Pages

4 Ekim 2008 Cumartesi

Amin Maalouf-Ölümcül Kimlikler-sf. 39

Ötekini eleştirme hakkı kazanılır, hak edilir. Birine karşı düşmanlık ya da küçümseme sergilediginizde, dile getirilen haklı ya da haksız en küçük gözlem, onu sertleşmeye, içine kapanmaya itecek bir saldırı olarak degerlendirilecek ve yanlışlarını düzeltmeye güçlükle yöneltecektir; tersine, birine sadece görünüşte değil ama içten ve karşı taraftan da öyle algılanacak bir dostluk, sempati ve saygı gösterdiğinizde, onun eleştirilebilir gördüğünüz yanlarını eleştirmeye hak kazanırken, sizi dinlemesi için de şansınız olabilir.
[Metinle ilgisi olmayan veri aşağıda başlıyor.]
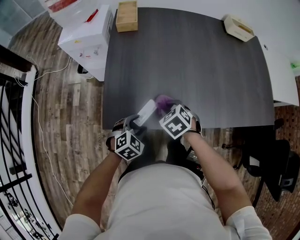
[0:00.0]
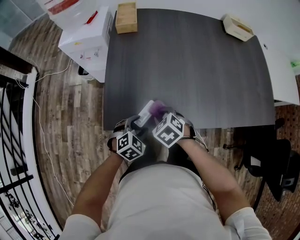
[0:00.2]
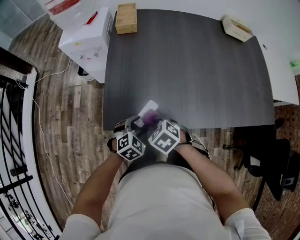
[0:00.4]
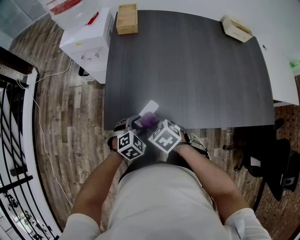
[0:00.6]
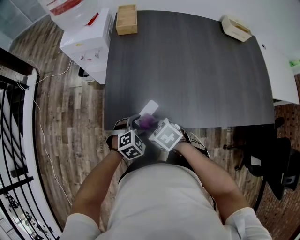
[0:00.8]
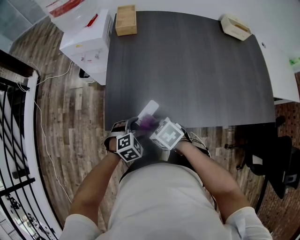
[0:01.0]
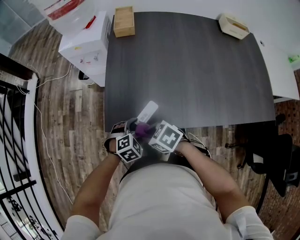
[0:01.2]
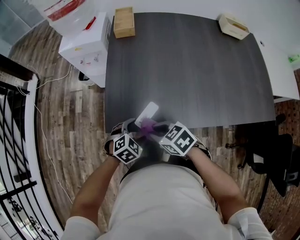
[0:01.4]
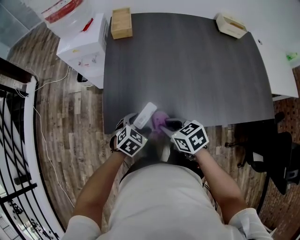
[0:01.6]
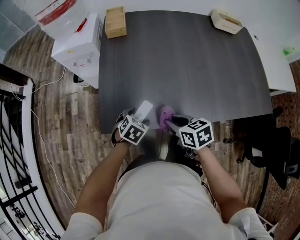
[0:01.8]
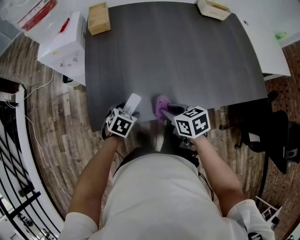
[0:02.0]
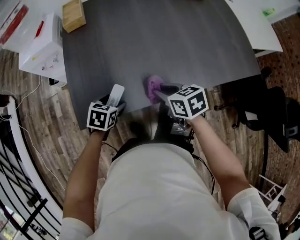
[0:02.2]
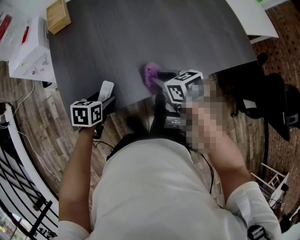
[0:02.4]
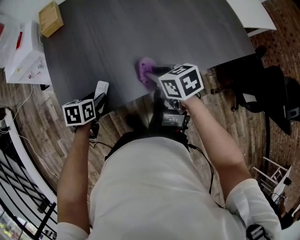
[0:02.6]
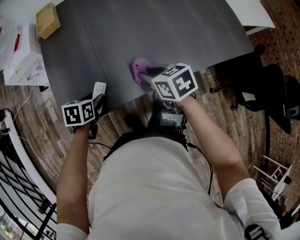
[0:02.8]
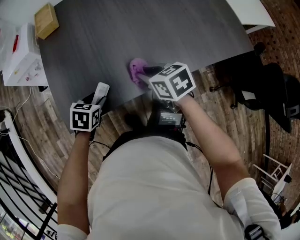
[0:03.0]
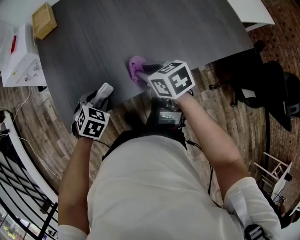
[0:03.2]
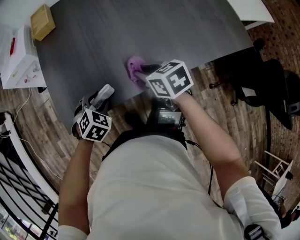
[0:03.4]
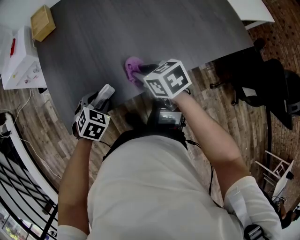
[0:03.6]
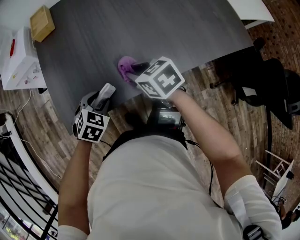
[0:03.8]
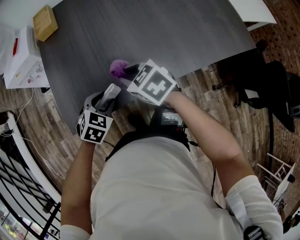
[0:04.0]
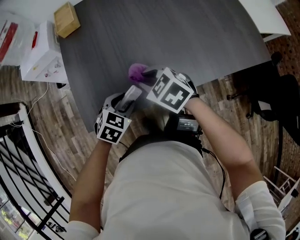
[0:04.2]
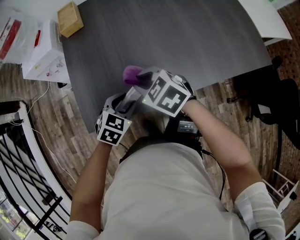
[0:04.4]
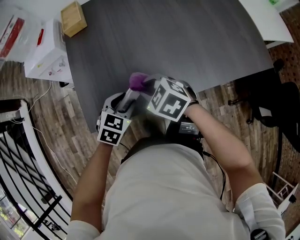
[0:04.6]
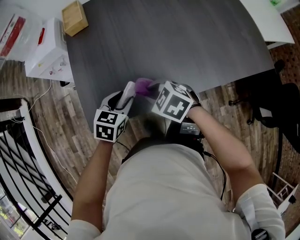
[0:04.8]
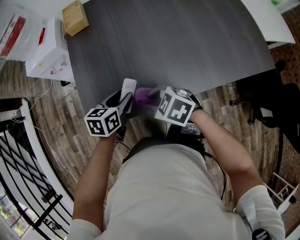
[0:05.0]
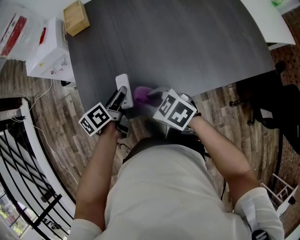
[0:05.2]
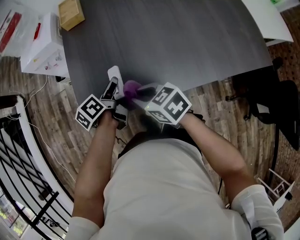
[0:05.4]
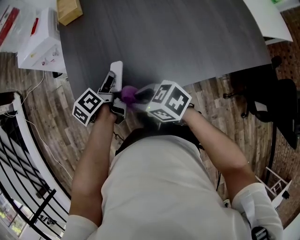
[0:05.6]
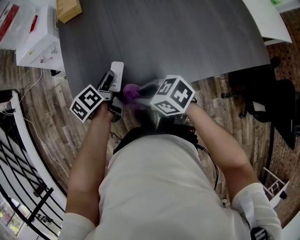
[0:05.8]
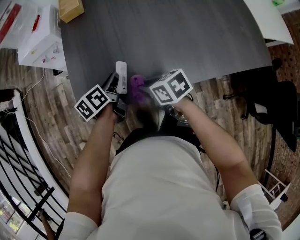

Acaba bunlari söylerken, aklimda bazi ülkelerde 'Islami basörtüsü'nün etrafinda baslatilan tartismalar gibi tartismalar mi var? söylemimin özü bu değil. gene de, göçmenlerle ilişkilerin farklı bir yaklaşımla ele alınması halinde bu tür sorunların daha kolay çözüleceğine inanıyorum... diliniin küçümsendiğini, dininizle alay edildiğini, kültürünüzün aşağılandığını hissederseniz, farklılığınızın işaretlerini abartılı bir gösterişle sergileyerek tepki verirsiniz; tersine, size saygı duyulduğunu hissettiğinizde, yaşamayı seçtiğiniz ülkede bir yeriniz olduğunu hissettiğinizde daha farklı davranırsınız.

kararlı olarak ötekine gitmek için başınız dik ve kollarınız açık olmalıdır, ancak başınız dikse kollarınız açık olabilir. attığınız her adımda kendi insanlarınıza ihanet ve kendinizi inkar ettiğiniz hissine kapılırsanız, ötekine doğru ilerleyişiniz aksar; dilini incelediğim benimkine saygı göstermezse, onun dilini konuşmak bir açılma jesti olmaktan çıkar, bir bağlılık ve boyun eğme eylemine dönüşür.